The regulatory requirements are a red herring, they have to be met. How the AMO meets those requirements is set up in the MCM.

You could be compliant iaw the requisite cars, but you can be non-compliant under your mcm.

Simply reading the car and coming to the conclusion that anybody can put the defect in the book can be an erroneous conclusion.

There is a CAR that says you have to have an mcm and operate in accordance with it. Defect reporting and recording is the bread and butter of the MCM, the controlled reporting and recording of defects is a big part of the text within the MCM, it establishes the base for the control the manual is intended to implement... you have to do what the MCM says, and if you want to change it, or operate outside of it,there is a process.

By complying with the car in a method that is not put forth in your MCM you are in violation, period end of sentence. You have to operate under the procedures outlined in your MCM, and if it contradicts the CARs the solution isnt to disregard the problem and have somebody put the defect in the log, it is to generate a finding outlining the contradiction and propose an amendment to the text in the MCM.
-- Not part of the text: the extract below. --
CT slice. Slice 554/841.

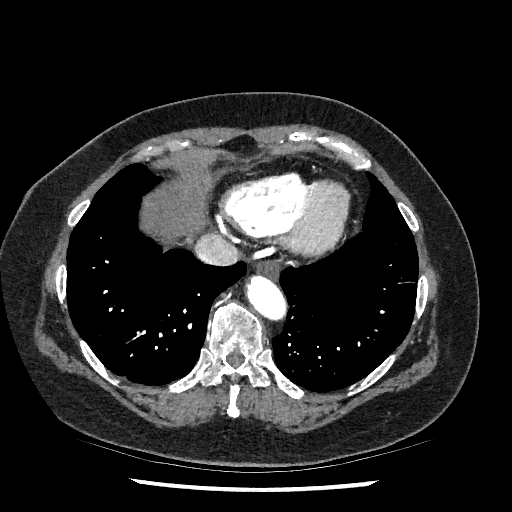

THe mcms I am familiar with for the most part state that in flight defects are to be entered by the pilot in command immediately, or as soon as practicable but definitely before the next flight. I feel as if this is the standard nomenclature for the procedure.

Your MCM will tell you what to do.

Im not disregarding the CAR and discussion over the semantics is important, but it is equally as important to be operating within the parameters set forth by your MCM. If you want to diverge, or have to diverge, you definitely need to make a finding.

Im not pulling this out of my rear either. Transport Canada is looking specifically for your compliance with your own procedures, that is why quality assurance has become an essential part of the AMO and it is super important to use your quality assurance program to record and monitor these types of happenings, its nothing to be afraid of, it's how the system is supposed to work.